錦江城,有西廠傳來訊息,稱焰帝病情加重,需要繼續休養。
然後。
焰帝,又指定了一尊皇子,二皇子,領太子位,暫掌監國事宜。
對於七天前的皇城鉅變,他沒有任何的回應。
天下眾說紛紜。
有人說。
焰帝怕了!
但,也有人說,焰帝,雄心壯志,正在謀劃驚天大局。
得知這些訊息時。
蘇辰正在藏書樓,將七枚湛藍仙石埋入藥田,鬆軟土壤,給新種下的種子施肥。
“焰帝真的抱恙了?”
蘇辰看向帶來訊息的於忠。
這些時日,不見於忠,好似被小軒子派去錦江,做什麼事情去了。
看著料理藥田的蘇辰,於忠有些恍惚。
有那麼一瞬,他竟覺得眼前的許掌舵,就是昔年他侍奉的蘇公。
但很快。
他就搖了搖頭。
蘇公何等人物,修為絕世,逍遙人間大自在,又豈會繼續在這深宮打熬。
許掌舵,二十七八,蘇公三十有八,又如何能是一個人?
這麼些年。
東西廠都在尋找神龍見尾不見首的蘇公。
蘇公,怎麼可能會就在他西廠的眼皮子底下,藏書樓的故地,這不可能的。
“抱恙?”
於忠冷笑。
“這位陛下,日日留戀樓船畫舫,貪花賞月,樂不思蜀。”
“他可生龍活虎的厲害,怕是畏懼蘇公,唯有在錦江十萬大軍保護下,才有一絲安全感吧。”
對玄龍先帝,於忠格外尊崇,談及焰帝,於忠憎惡明顯。
不止他。
舊梁勢力皆如此。
只因,焰帝,從不將梁人當人看。
哪怕是現在,他仍在堅持“一等周人二等梁”的政策,天下官吏,仍在施行逼死梁人的焰帝國策。

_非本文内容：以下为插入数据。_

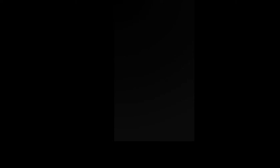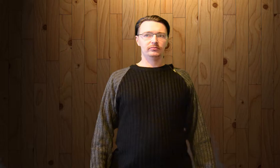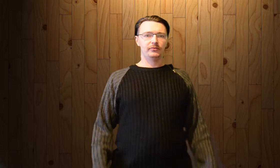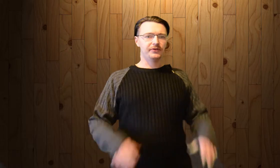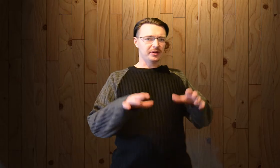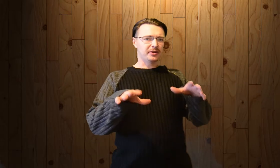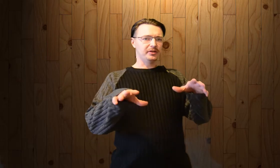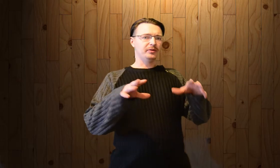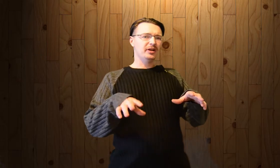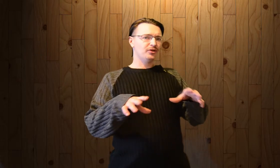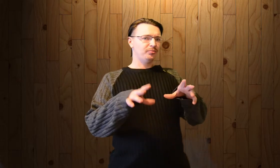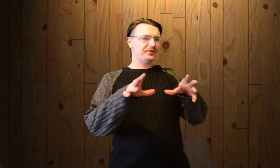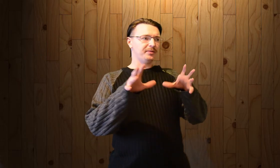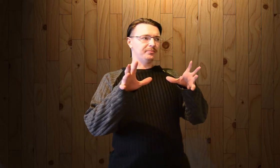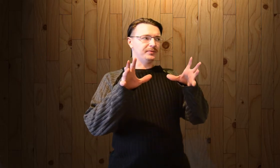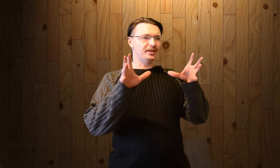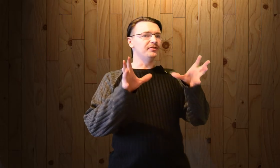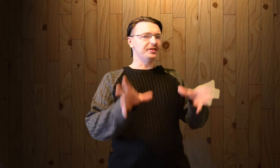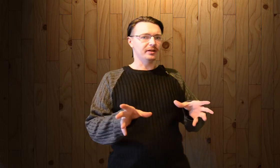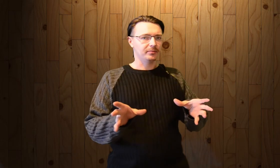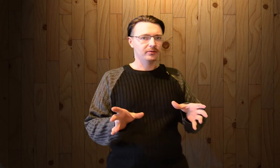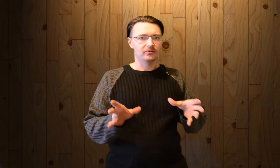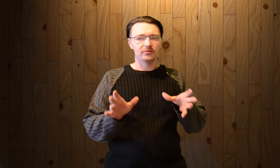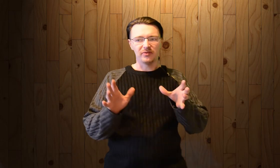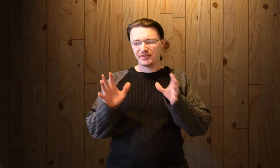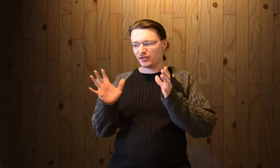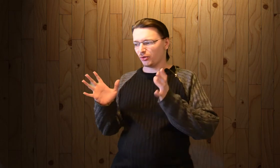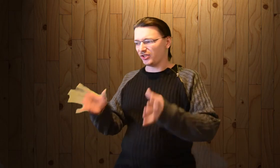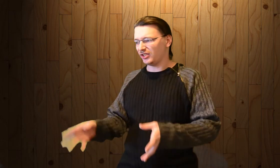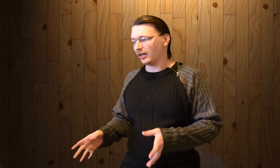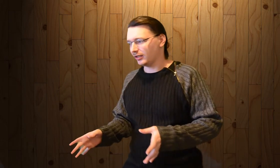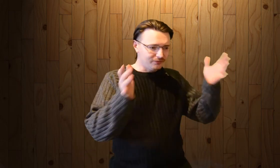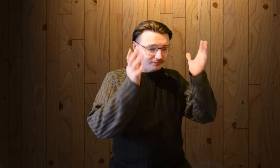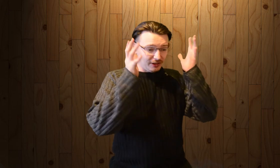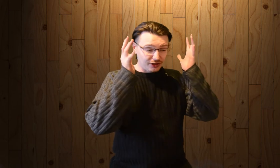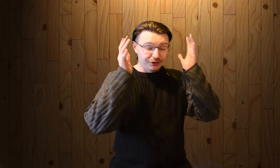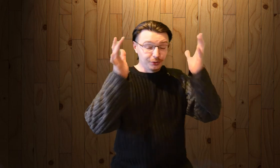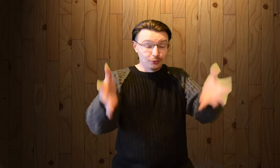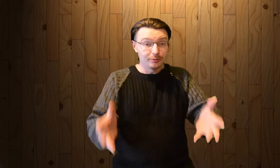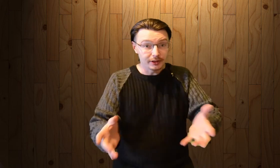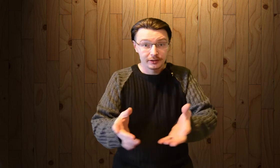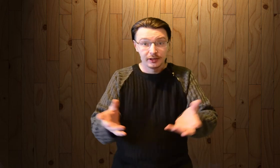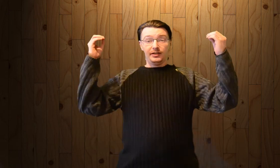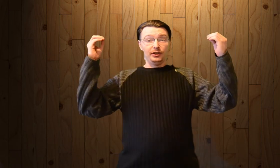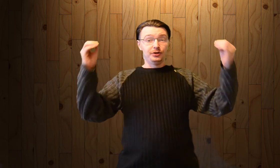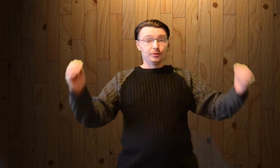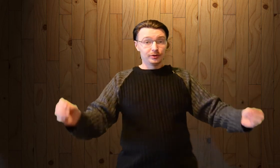Все обратили внимание, что по всем телевизорам, во всех соцсетях, даже в ютубе, идет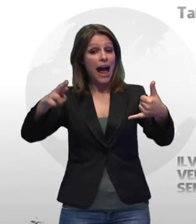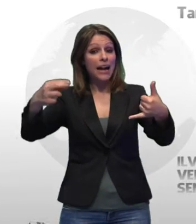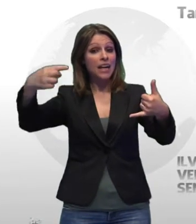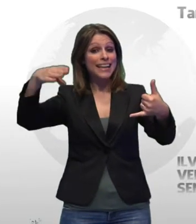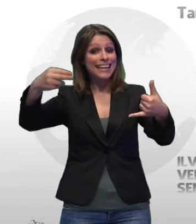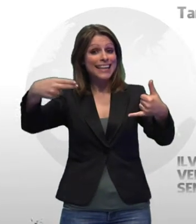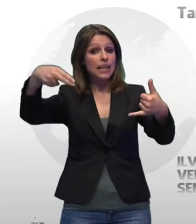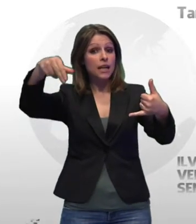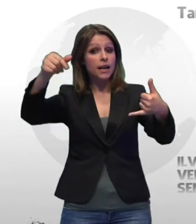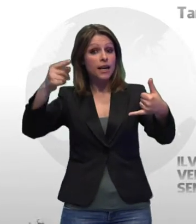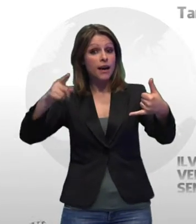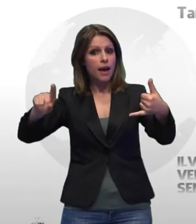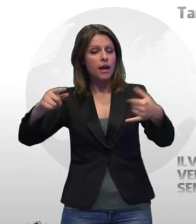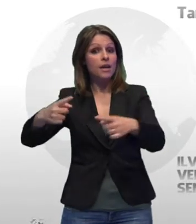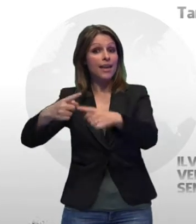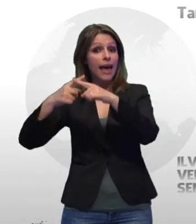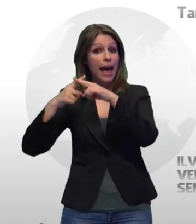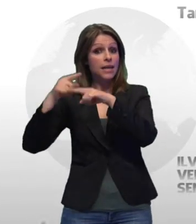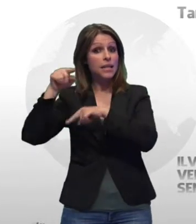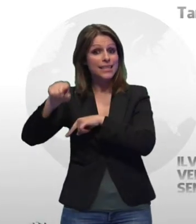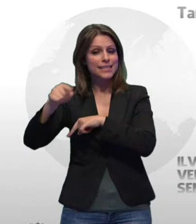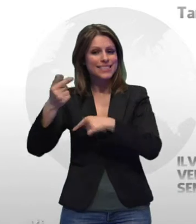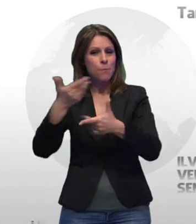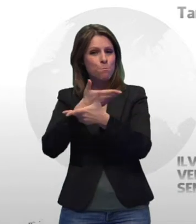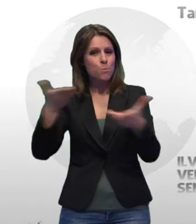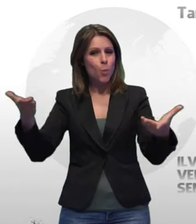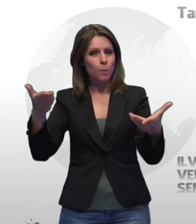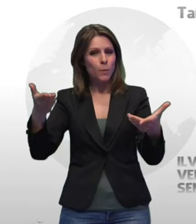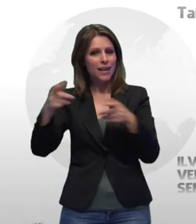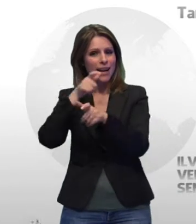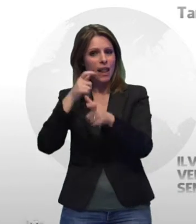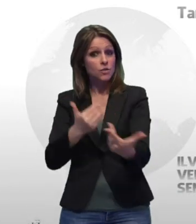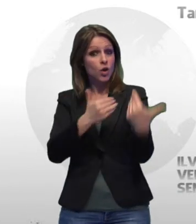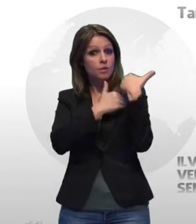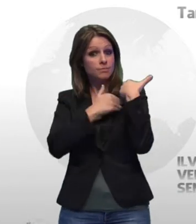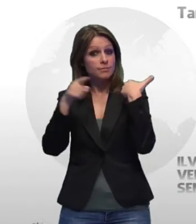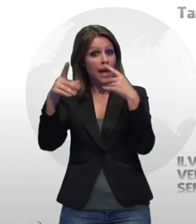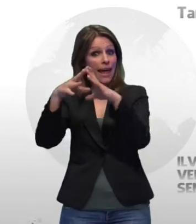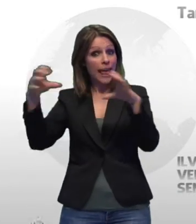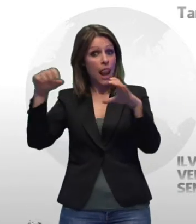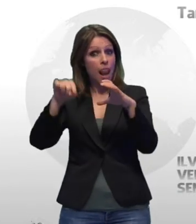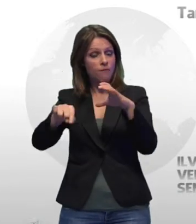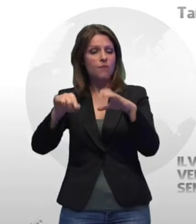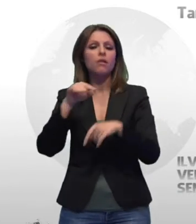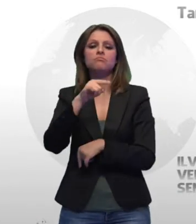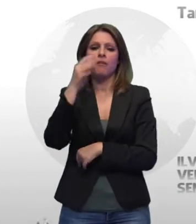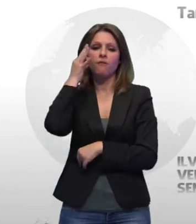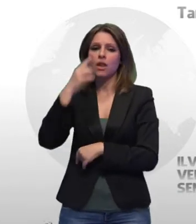con l'ex PR del siderurgico Archinà. Vendola sostiene di subire un processo

哪怕風雪小宗師,皇城以劍風封天,有意調和周梁,為此不惜折了一尊梁人宗師,他仍不知悔改。
不尊重蘇公,哪怕是皇帝,也是他們西廠的敵人!
“皇陵還沒有葉總管的訊息嗎?”
蘇辰在問。
“沒有。”
“武監局,現在分崩離析。”
“八虎只剩下三虎,現在天天嚷嚷著葉總管已死,想將西廠給分了散夥。”
“另外,武監局的三位紅袍,為活命,亦轉投了掌印第一大監司空,其餘一品供奉,不少參與了七天前的鉅變,逃之夭夭。”
“新上任的監國太子,在諸位大週一品的鼓動下,明裡暗裡的在對武監局下手……”
於忠,話音有些沙啞。
那一場皇城鉅變以後,就變天了。
舊梁與新周,矛盾徹底擺在明面上了。
鬥爭開了。
現在。
武監局,名存實亡了。
西廠,也快了。
葉總管,傳聞已死,就眼前這位毫無修為,一直在藏書樓龜縮不出的許掌舵,拿什麼去主事西廠?
拿什麼去撐起武監局?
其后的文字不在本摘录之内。